Dans son nouveau film, le réalisateur de Juno aborde avec tendresse et quelques maladresses des pans encore tabous de la maternité.
C’est mue par la promesse d’une salle de ciné climatisée face à l’insoutenable chaleur de ce mois de juillet que j’ai poussé la porte du César, charmant cinéma indé de la place Castellane, pour la séance de 13h15. Comme vous le savez, le thème de la difficulté maternelle me touche de près, et j’essaie de voir et de lire tout ce qui se fait sur ce sujet. Tully me tendait donc les bras.
Marlo (Charlize Theron), quadra un peu frustrée de la banlieue new-yorkaise, attend son troisième enfant. Au retour de la maternité, les journées rythmées par les tétées et les couches, les allers-retours à l’école et les dîners à préparer deviennent harassantes. Avec un mari (Ron Livingston) absent et trois enfants à gérer, elle est vite dépassée. Sur les conseils de son frère (Mark Duplass), elle contacte Tully (Mackenzie Davis), nounou de nuit. A 22h30, tous les soirs c’est la libération, la super nanny vient prendre le relais auprès du bébé, et d’une Marlo épuisée. Après quelques semaines en compagnie de Tully, l’entourage est rassuré, Marlo va mieux, elle se repose, elle reprend des couleurs. Le plus dur est passé. Vraiment ?
Maman pleure, papa (joue à la) console
En sortant de la salle, où j’ai à la fois ri et pleuré, ce qui est souvent un gage de qualité, je n’étais quand même pas totalement convaincue.
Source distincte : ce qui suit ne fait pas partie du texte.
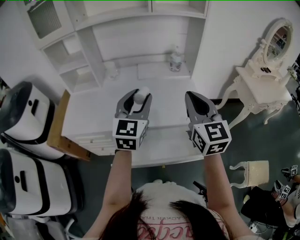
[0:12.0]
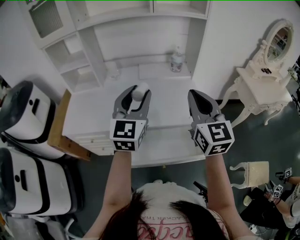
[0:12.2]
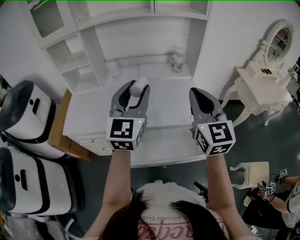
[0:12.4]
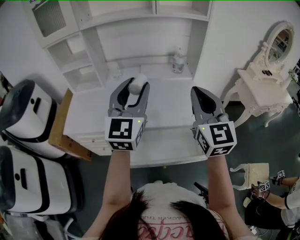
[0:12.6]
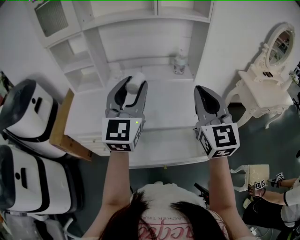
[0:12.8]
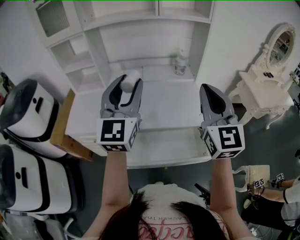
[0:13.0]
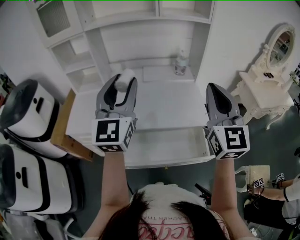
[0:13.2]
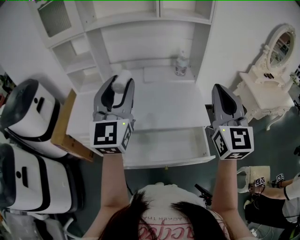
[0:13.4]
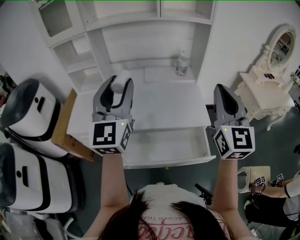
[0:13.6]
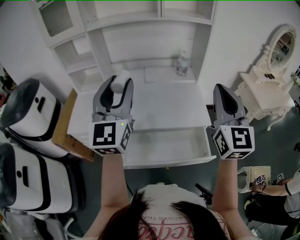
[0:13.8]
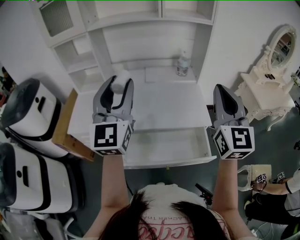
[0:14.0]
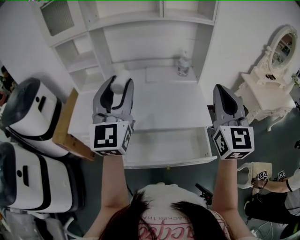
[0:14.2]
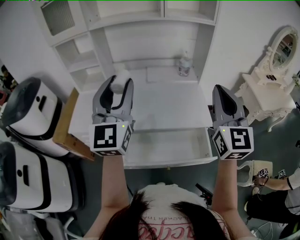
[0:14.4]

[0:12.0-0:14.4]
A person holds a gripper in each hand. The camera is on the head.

Quelque chose clochait. En fait j’étais un peu énervée.
Dans ce film, on voit une mère qui tombe très bas. Mais on voit surtout une mère désespérément seule. Seule avec sa fatigue, seule avec son désespoir, seule avec son deuxième enfant dit « singulier » et seule, finalement, pour trouver sa solution. On blâme souvent les femmes de ne pas demander d’aide, et il y a sans doute un travail à faire là-dessus : oser. Mais l’entourage préfère bien souvent planter bien profond la tête dans le sable et minimiser. Et j’ai envie de dire pleins de gros mots parce que pour voir il faut regarder. Porter les yeux sur la femme là, de l’autre côté du lit. La pas coiffée, la pas rasée, la pas maquillée. Celle qu’on porte aux nues dans les discours, ceux du genre : « Merci à ma femme qui m’a donné le plus grand bonheur qui soit, mes enfants. » et qu’on néglige quand il faudrait aider.
J’ai haï ce mari adulescent de ne pas se bouger un tantinet le fessier. J’ai été affligée de voir la pauvre Marlo prendre sur elle leur absence de vie sexuelle. Elle ne se maquille plus, n’a pas perdu ses kilos de grossesse, ne sait plus se rendre désirable c’est de sa faute. Et lui, le pauvre, il aurait tant besoin qu’on « recharge ses batteries » [sic]. Lui, pendant ce temps, personne ne vient lui faire remarquer que sa Playstation 4 a le sex-appeal d’une moule crue. Personne ne vient lui dire : « Oh, réveille-toi, c’est le moment d’aider là ! ». Lui, il fait sa part, il travaille beaucoup, et la nuit il dort, mais il faut le comprendre, c’est fatiguant le travail. Ce qui me gêne, c’est que je n’ai toujours pas compris s’il fallait prendre cette partie du film au second degré ou si on était vraiment en train de nous dire : « Secoue-toi ma grosse, fais péter le mascara et enfourche ton mari frustré pour une partie de rodéo. » Si vous avez vu le film, dites-moi ce que vous en pensez…
Rire et larmes, solitude et amitié : un film, des paradoxes
Finalement, et au delà de ce résidu de colère, j’ai bien aimé. Dans la première moitié du film, on assiste à quelques pétages de câbles jouissifs, notamment face à une directrice d’école insupportable : « Nous adorons votre famille, mais votre enfant est « singulier », il serait sans doute mieux dans une autre école. » « Singulier ? Mais qu’est ce que vous avez tous avec ça ? Ça veut dire quoi singulier ? C’est un enfant, pas un putain d’adjectif ! » Les dialogues sont délicieusement mordants et ne sont pas sans rappeler une nouvelle fois Juno. Normal, le dialoguiste, Diablo Cody, est le même.
La deuxième partie est plus lourde et un peu caricaturale, avec des personnages tous un peu agaçants, mais on assiste quand même à une belle histoire d’amitié. Une des dernières scènes du film est bouleversante de tendresse et m’a tiré d’énormes larmes qui m’ont obligée à attendre la fin du générique. Rien que pour ça, ça valait le coup.